Good day everyone.

I hope someone can help me with this problem, I've been stuck for a couple of days.

Heres my problem,

I'm trying to calculate the the orientation of an object in 3D space (yaw, tilt, pan), and express it as a three dimensional direction vector. <X,Y,Z>. I only have three known points on the object. And know that those points are orthogonal to each other. (See pictures below for visual aid.) I have Point R, Point B, and Point Y. (Respectively to the colors in the image. Red Blue and Yellow). Additionally, point V is the vertex, such that all points are perpendicular to each other.

By knowing points

B(x,y,z)

Y(x,y,z)

R(x,y,z)

The vertex can be calculated. (Using Thales Theorem with 3D spheres, and their common intersections.) Thus allowing me to calculate a vector from point B to the vertex, point V. Unfortunately, this calculation only get me 2/3rd of what I am trying to get.

Imagine that the vector BV represents the direction that the object is facing. (But not how much the object have rotated around that vector.) A crude example of this would be a human eye, or camera. The optical axis defines a direction vector analogous to the vector defined by point B and V in the image above. unfortunately, if I were to rotate this camera around the optical axis. Perhaps a full 180 degrees such that the camera is no upside down. This would effect the image.

So what I need help with is determining that amount of rotation, using the three points I mentioned above.
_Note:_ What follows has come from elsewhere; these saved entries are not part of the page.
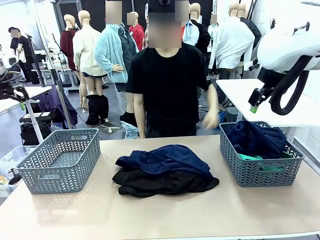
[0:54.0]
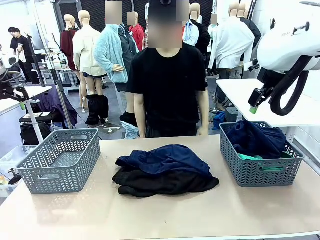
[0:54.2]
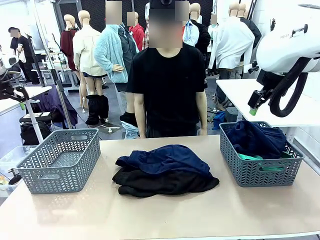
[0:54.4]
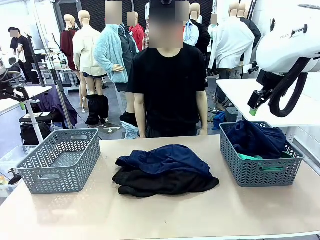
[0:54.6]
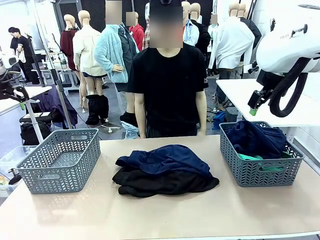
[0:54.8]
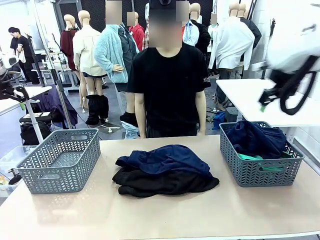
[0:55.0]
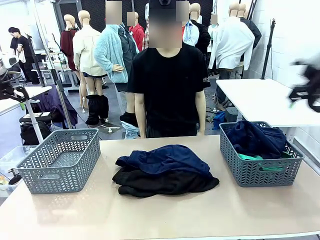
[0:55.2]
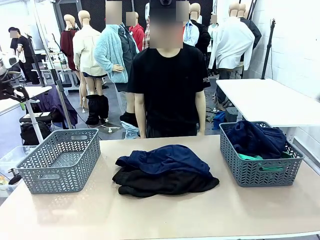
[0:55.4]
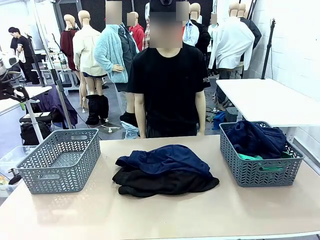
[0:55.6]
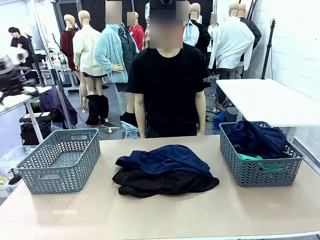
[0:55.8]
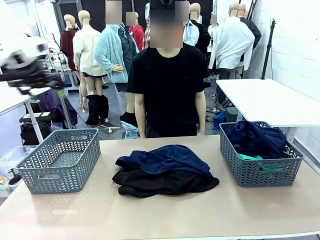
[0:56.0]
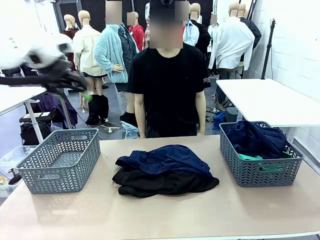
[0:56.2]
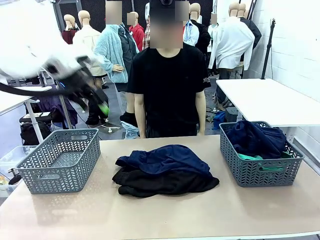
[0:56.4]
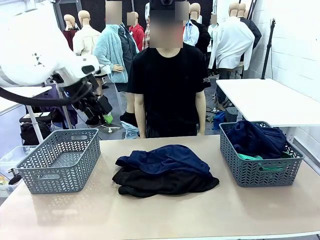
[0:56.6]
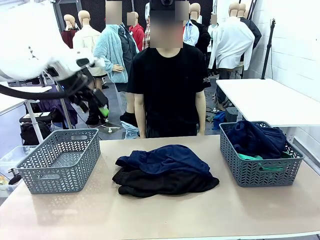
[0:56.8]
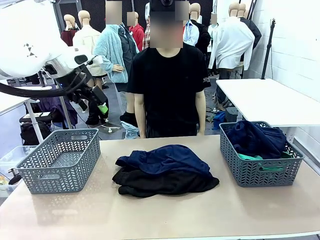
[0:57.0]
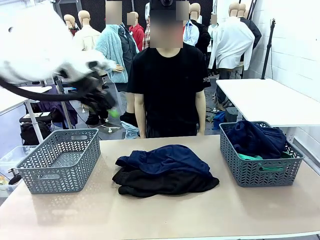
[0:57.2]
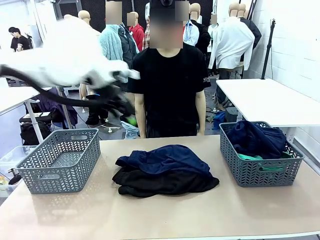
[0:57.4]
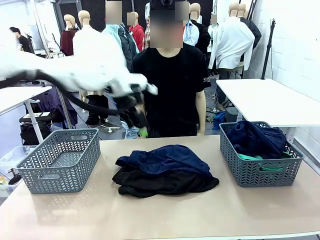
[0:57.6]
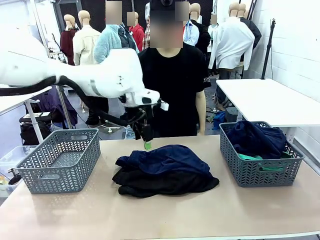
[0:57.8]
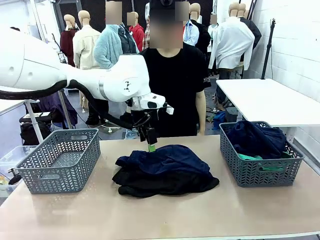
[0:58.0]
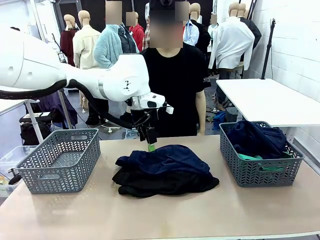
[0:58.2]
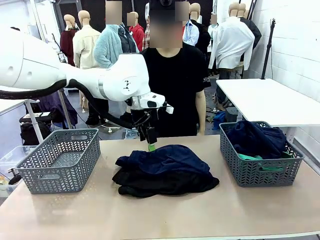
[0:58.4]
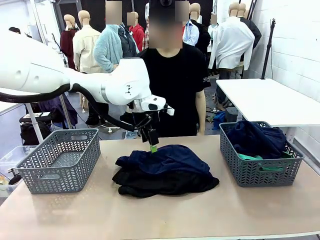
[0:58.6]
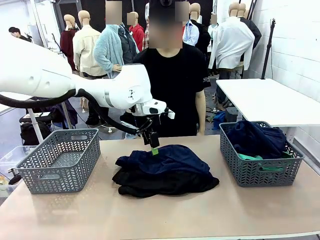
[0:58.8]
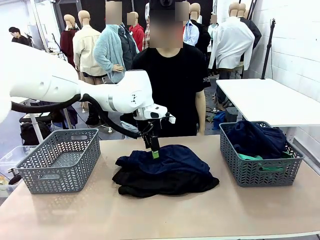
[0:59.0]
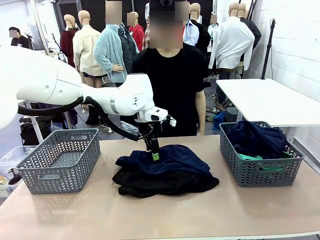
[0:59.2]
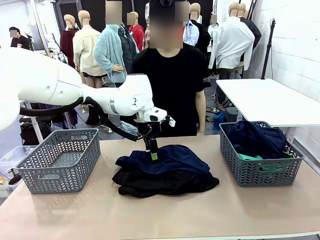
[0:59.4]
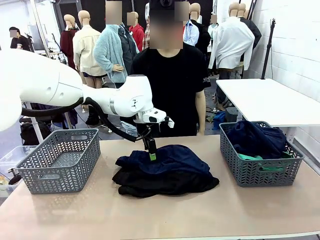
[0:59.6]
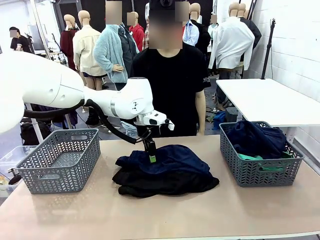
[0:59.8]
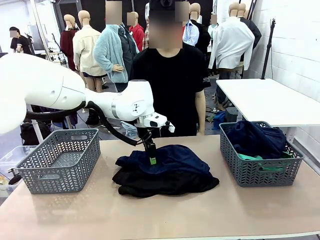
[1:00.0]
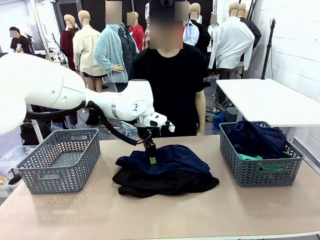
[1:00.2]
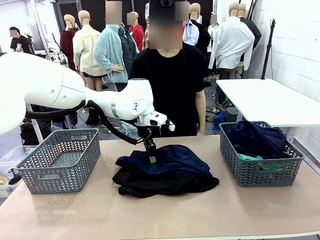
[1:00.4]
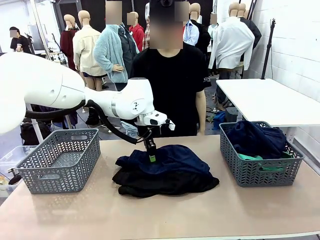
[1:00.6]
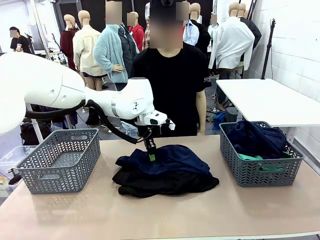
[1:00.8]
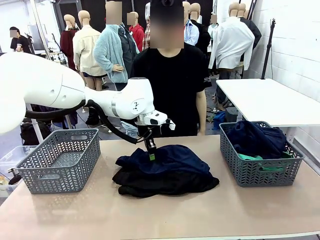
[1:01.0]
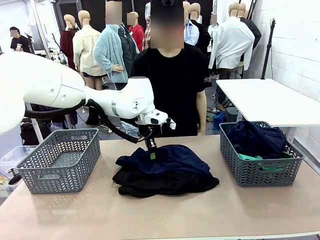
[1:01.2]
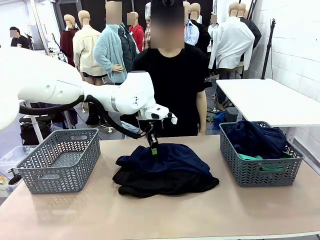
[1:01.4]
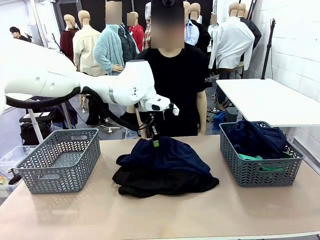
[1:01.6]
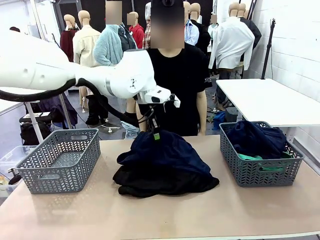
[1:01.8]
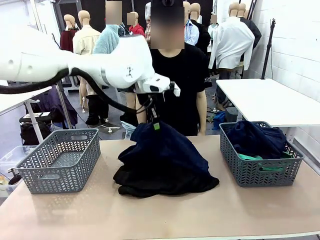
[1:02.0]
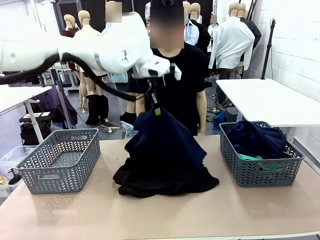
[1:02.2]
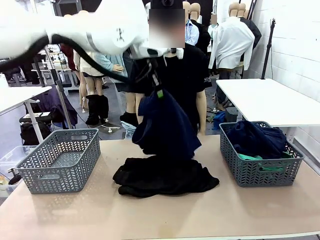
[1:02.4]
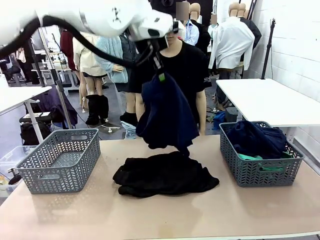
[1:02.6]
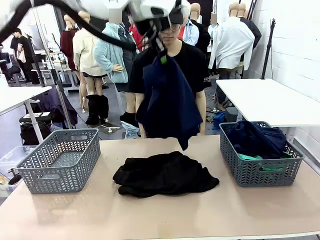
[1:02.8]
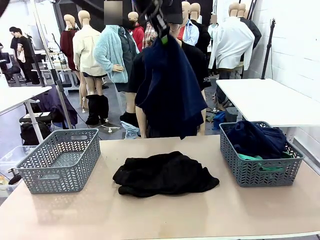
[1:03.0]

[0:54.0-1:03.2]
Robot: Lift clothes from the center of the table with your left hand.

If possible I would also like to express this direction and rotation, in a 3D direction vector.

I have done some research, and have only found how to rotate an object around a arbitrary vector, unfortunately, there is nothing about determining the rotation of a point(s) around a arbitrary vector.

If anyone could offer help, experience, knowledge or resources I would greatly appreciate it.

Thanks,

Taylor S. Amarel

Learning is living